— Злая судьба, — задумчиво повторил Спецкор.
— Им сейчас уже под шестьдесят, наверное.
— Их нет никого!
В дверном проеме стояла навьюченная мешками тетка. Или только теткина тень — не понять.
— Если вы разыскиваете хозяев, то их нет никого, — повторила она, — убили их еще в самом начале.
— А хозяина звали Ион? — спросил тетку Старый друг.
— Ну да…
— Значит, они все-таки встретились…
— Да говорю я тебе — убили. Вот непонятливый, — обиделась тетка и поспешила на улицу.

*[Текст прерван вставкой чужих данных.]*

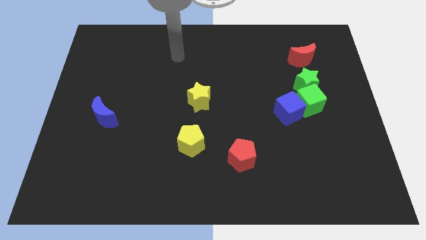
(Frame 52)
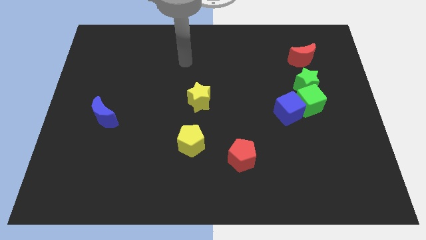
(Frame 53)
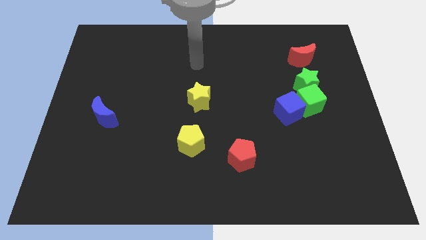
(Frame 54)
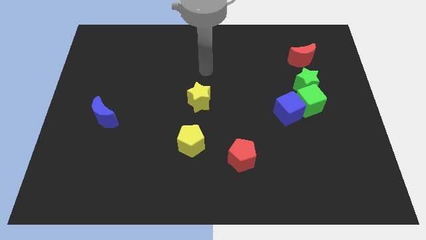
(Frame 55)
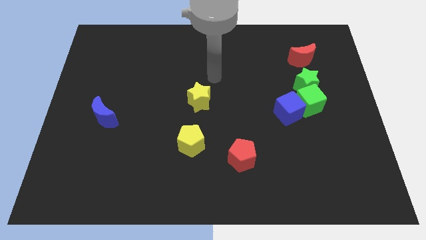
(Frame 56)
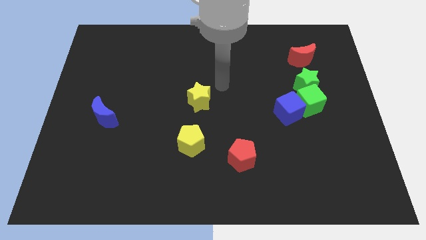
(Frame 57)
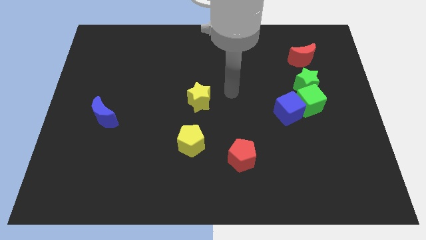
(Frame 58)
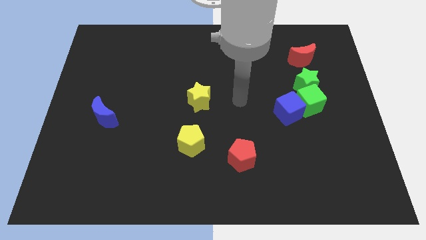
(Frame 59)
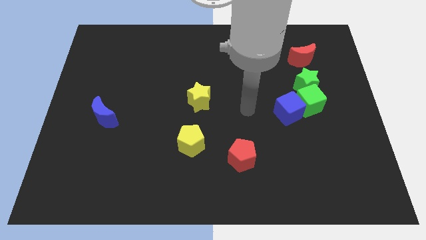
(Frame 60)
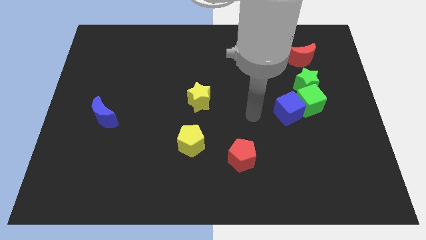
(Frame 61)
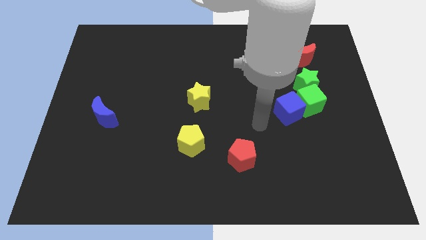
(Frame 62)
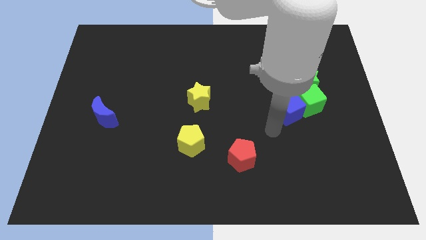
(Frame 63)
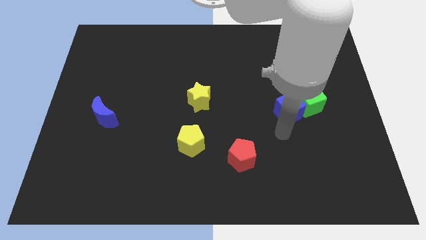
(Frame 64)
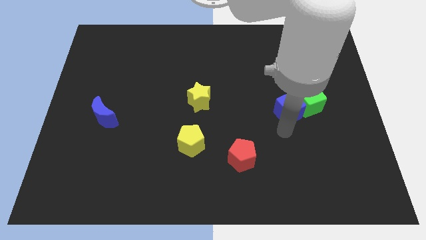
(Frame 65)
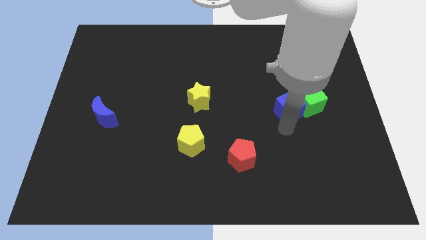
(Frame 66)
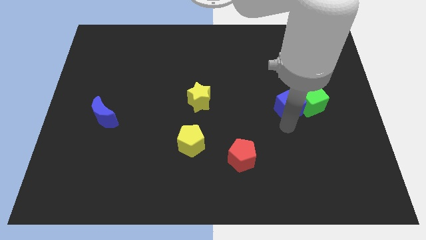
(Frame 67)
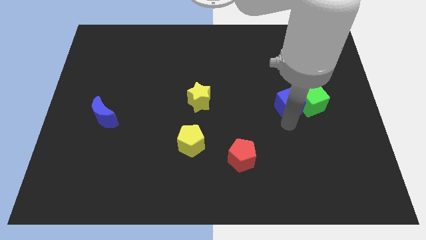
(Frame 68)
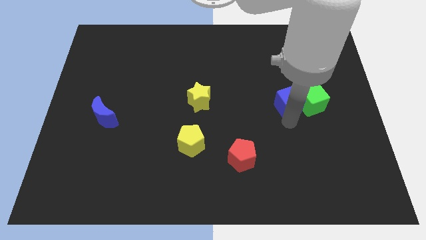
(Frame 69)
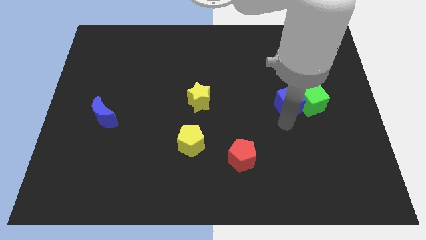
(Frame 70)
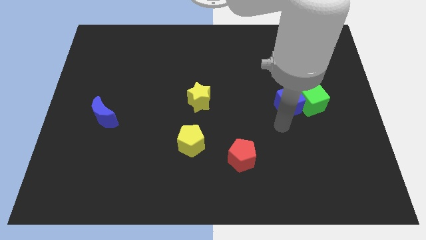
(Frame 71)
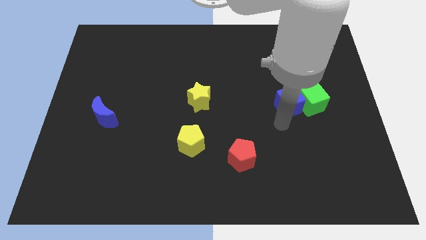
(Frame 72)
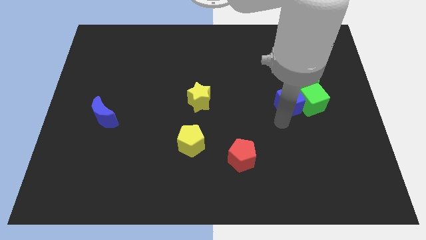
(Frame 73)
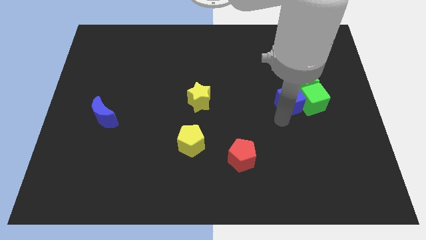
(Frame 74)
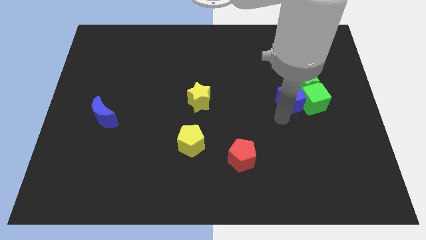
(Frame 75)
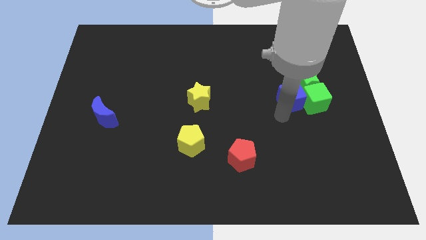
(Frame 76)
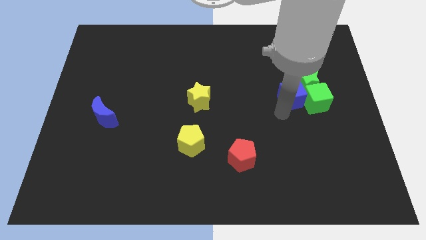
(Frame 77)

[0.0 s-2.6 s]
put the blue cube close to the green star

Из окна четвертого этажа, где они сейчас стояли, хорошо была видна вся площадь. Железобетонное здание ЦК, с крыши которого 21 декабря Сапожник с женой и охраной отправился на бронированном вертолете в свое последнее путешествие над орущей в революционном оргазме полумиллионной толпой. Выпотрошенная и сожженная Центральная университетская библиотека, из которой теперь бульдозерами и лопатами какие-то люди выгребали кремированные останки пергаментов, инкунабул, манускриптов. Изнасилованный музей изобразительных искусств с расстрелянными из советского автоматического оружия мадоннами, купидонами и богами Эль Греко, Джордано, Кранаха. Из окна четвертого этажа были видны облепленные грязным снегом бэтээры и пингвинья стая солдат в серых шинелях, что грелись возле выхлопных труб; выбитые витрины самого шикарного кабаре, где девчонки из кордебалета — вот с такими ногами! — танцевали прежде настоящий парижский канкан и где они теперь — неизвестно; расплющенный танком "фольксваген" и маленький храм вдали — такой чистый, нетронутый, — бог его, что ли, все эти дни хранил? — такой сверкающий изнутри, неубитый.

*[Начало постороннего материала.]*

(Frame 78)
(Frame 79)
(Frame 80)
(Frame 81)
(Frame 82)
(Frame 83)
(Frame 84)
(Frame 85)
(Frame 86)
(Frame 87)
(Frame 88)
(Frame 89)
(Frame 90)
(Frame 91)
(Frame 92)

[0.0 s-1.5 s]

И пошли они тогда к храму.
Спецкор принял крещение всего месяц тому назад, в день своего тридцатилетия. Произошло все это случайно, негаданно. Накануне мучался от непонятного. Душа томилась и ныла от каких-то невнятных то ли предчувствий, то ли ожиданий, а сам он готов был расплакаться из-за всякого пустяка. Пил успокаивающее, водку пил, но неясная тоска не проходила, а только усиливалась час от часу. Давила на него тяжким и, казалось, неразрешимым грузом. И вдруг, словно бы по какому-то наитию, понял, что не может войти он в четвертое свое десятилетие без какого-то серьезного, жизненно важного поступка. Какого, он пока ясно себе не представлял, но то, что после поступка этого станет ему легче и груз с души падет, — это он чувствовал наверняка. Он прежде хотел креститься, но все как-то не получалось или не вызревало до конца в нем это желание. А тут возникло и пришло само по себе. И уже от понимания этого — отпустило немного. А когда после купели, после холодного кафельного пола, елейного благоухания на лбу и руках, после целования креста и святого причастия вышел на улицу, то почувствовал себя таким свободным и легким, таким обновленным, что будто родился заново или что-то новое родилось в нем самом, то, что нельзя сказать, а только ощутить единственный раз в жизни. Тихая эта радость, теплющаяся с тех пор в его груди, то разрасталась, то затухала, и он понимал, что гаснет она от его грехов, а пламенеет от добродетелей. И когда грехов было больше, чем добродетелей, а свет в нем едва мерцал, откуда-то из пустот душевных выплывала та гнетущая тоска, что душила в канун дня рождения. Вот тогда и шел в церковь, хотя прихожанин он был никакой: праздники церковные пропускал, постов не соблюдал, а из молитв на память знал только одну.
В снежное это утро народу в храме было совсем немного. Пожилой инвалид, приставив к стене костыли, дремал на скамеечке. Две женщины в черных платках и с покрасневшими — то ли от бессонницы, то ли от слез — глазами молились перед иконой Богородицы, да старушка служительница в вязаной шапочке торговала в своей конторке нательными крестиками, алюминиевыми цепочками, книгами и церковными календарями, напечатанными на плохой желтой бумаге. Тут же висела табличка, извещавшая, что свечей в храме нет. Здесь и в самом деле было необычайно темно. Только возле некоторых икон трепетали крохотные огоньки масляных лампадок.